Their success begs the question: Is it time to consider selling Buzzbassador while it is strong on the upswing?

Baldwin is quick to say, “In the next several years, we will concentrate on giving the best possible experience to our merchants and solving the problems for which it was created.”

Waddy allows that selling is, of course, an ultimate goal but agrees, “We need to be totally committed to what we’re doing now.”

Eric Hill steps in with praise.

“They’ve raised a significant amount of funding on a respectable valuation in the middle of a pandemic and civil unrest,” comments Hill. “And the fact that Mississippi State gets the attention it does means so much more to me because this is an example of what can happen when we work together in our state.”

He also notes that such successes resonate with talented young people who might otherwise leave Mississippi to seek their futures.

“Our program is offering the highly educated ‘under 30s’ a chance to get jobs and stay here,” he says.

Baldwin, herself a Mississippian, has no plans to leave.

“The E-Center still provides us mentoring,” says the company’s chief marketing officer. “We give Eric Hill updates regularly, and he points us to opportunities. We went there often when we could go places in person more easily.”

“We could not have done this all on our own. The E-Center has been fundamental in getting us started,” adds Waddy, the CEO. “The E-Center and its structured environment was important to me – not having that would’ve been detrimental. It has been the difference between Buzzbassador or working for somebody else right now.”

The team will remain intact too.

“You have three of us brainstorming together,” says COO Johns. “You have people by your side who are there for you no matter what. When we started with clothing in 2018, the thought of owning a Shopify application to help other businesses never crossed my mind.

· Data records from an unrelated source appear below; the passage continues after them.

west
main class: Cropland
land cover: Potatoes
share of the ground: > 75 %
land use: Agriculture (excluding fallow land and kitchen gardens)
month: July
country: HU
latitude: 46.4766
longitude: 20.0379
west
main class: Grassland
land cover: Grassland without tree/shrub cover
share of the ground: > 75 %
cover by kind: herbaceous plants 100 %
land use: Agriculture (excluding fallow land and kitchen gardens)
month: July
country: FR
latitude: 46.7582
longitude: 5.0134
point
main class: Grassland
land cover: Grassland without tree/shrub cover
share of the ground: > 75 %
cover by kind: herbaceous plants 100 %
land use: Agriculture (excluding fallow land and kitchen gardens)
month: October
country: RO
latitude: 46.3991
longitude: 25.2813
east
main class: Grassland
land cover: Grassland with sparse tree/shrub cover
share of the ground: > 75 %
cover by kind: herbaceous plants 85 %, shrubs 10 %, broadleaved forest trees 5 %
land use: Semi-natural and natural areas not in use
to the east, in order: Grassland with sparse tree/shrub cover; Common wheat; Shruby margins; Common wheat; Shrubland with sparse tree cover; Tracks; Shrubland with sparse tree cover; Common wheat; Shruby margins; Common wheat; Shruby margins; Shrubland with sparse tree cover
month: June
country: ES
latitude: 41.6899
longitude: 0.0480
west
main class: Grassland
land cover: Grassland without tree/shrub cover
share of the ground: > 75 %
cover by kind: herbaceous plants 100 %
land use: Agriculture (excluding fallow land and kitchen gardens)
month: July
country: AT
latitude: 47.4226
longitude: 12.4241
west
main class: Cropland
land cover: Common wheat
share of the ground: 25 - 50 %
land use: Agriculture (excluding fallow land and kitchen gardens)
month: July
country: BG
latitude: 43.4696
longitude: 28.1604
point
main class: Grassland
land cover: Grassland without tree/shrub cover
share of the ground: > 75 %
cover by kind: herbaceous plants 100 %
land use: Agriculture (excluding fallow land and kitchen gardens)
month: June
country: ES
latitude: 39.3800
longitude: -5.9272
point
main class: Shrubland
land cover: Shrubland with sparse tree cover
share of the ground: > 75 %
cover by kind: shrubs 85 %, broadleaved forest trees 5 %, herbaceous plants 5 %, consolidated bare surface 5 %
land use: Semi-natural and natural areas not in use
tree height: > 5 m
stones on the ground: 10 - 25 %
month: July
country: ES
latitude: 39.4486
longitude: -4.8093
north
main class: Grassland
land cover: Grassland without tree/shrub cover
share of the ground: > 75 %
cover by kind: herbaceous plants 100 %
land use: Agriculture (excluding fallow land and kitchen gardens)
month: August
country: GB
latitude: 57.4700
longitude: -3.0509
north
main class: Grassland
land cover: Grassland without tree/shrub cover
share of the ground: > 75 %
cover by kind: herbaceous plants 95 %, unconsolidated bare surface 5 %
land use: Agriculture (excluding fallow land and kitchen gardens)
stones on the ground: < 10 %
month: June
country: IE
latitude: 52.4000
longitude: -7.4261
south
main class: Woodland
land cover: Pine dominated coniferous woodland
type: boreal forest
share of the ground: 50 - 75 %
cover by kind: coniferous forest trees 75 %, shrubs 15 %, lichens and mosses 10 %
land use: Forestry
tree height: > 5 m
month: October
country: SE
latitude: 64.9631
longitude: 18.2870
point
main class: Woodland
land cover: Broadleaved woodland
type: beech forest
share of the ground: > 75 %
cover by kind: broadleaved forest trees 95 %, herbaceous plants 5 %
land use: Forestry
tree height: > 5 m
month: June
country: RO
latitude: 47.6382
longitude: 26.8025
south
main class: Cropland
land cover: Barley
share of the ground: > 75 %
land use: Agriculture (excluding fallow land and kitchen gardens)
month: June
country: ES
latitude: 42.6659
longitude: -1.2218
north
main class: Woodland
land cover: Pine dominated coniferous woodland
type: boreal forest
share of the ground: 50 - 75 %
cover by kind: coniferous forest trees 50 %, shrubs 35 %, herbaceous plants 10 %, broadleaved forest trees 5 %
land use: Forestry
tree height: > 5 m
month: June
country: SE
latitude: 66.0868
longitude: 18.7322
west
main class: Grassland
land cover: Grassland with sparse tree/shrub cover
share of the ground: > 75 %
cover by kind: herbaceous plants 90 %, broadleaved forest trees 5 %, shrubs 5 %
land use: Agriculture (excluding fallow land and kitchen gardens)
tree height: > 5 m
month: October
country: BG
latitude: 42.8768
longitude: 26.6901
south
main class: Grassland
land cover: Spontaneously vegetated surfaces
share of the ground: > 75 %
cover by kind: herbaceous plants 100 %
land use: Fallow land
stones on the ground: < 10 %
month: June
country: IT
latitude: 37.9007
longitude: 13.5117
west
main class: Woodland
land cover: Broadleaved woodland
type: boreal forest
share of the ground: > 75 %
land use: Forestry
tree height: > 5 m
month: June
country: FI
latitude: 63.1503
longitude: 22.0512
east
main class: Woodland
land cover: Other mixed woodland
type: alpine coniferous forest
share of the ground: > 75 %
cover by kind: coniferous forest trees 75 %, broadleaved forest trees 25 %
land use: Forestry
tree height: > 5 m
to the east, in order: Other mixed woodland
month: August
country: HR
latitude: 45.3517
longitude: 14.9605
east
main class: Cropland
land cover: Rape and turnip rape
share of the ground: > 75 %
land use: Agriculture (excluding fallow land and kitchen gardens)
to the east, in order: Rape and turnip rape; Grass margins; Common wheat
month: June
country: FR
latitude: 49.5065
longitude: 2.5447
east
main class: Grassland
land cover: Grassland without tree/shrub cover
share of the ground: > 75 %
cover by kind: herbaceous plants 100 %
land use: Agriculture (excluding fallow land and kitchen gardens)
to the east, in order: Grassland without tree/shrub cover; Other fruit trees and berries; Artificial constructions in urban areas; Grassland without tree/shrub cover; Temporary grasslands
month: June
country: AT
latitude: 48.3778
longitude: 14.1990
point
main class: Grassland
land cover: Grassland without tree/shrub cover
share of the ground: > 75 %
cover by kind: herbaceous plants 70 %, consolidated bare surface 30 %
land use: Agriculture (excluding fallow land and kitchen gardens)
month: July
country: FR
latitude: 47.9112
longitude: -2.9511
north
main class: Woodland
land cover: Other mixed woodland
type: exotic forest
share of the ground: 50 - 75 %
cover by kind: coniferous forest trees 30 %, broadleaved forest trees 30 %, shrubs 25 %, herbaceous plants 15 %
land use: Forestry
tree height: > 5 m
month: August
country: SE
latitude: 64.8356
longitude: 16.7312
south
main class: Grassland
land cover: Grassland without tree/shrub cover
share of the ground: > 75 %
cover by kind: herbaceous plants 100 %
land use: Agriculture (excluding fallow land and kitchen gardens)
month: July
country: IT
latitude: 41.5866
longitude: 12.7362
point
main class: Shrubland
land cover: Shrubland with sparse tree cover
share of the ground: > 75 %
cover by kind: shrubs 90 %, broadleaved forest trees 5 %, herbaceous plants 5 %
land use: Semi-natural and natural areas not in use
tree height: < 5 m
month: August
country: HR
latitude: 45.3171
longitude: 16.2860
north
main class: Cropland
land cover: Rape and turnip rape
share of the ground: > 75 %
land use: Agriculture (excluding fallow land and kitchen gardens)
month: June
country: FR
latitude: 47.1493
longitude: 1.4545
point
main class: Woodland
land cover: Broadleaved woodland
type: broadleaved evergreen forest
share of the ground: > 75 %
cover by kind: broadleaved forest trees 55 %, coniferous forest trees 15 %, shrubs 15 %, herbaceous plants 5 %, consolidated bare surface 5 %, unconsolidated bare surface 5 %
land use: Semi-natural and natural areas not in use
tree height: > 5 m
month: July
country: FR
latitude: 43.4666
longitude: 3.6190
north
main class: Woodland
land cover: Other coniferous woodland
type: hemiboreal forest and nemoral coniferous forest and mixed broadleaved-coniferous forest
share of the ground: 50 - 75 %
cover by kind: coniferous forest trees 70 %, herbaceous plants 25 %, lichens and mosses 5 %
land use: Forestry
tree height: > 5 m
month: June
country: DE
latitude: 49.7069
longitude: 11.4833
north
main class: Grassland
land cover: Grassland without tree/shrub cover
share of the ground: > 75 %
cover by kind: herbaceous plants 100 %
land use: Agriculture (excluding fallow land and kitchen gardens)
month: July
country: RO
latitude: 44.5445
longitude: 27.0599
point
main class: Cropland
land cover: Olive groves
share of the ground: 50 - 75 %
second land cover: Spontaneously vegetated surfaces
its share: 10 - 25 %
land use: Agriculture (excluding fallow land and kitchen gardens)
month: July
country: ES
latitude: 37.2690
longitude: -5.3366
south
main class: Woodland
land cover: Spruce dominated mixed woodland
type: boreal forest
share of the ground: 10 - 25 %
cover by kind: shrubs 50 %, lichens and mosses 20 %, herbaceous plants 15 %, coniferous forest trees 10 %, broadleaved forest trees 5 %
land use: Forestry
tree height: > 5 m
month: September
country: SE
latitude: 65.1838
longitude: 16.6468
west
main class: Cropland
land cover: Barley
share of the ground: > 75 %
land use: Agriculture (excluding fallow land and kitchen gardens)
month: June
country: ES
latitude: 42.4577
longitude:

It’s amazing what has happened in just two years by being immersed in a market and learning and pivoting.”

At end of day – but not end of story – it is all about technology, how to use it cleverly and efficiently and mentorship from sources like the E-Center.

“I’m thankful to be in this generation where everything is so accessible,” says Baldwin. “It makes doing business so much more fun and makes us passionate about it.”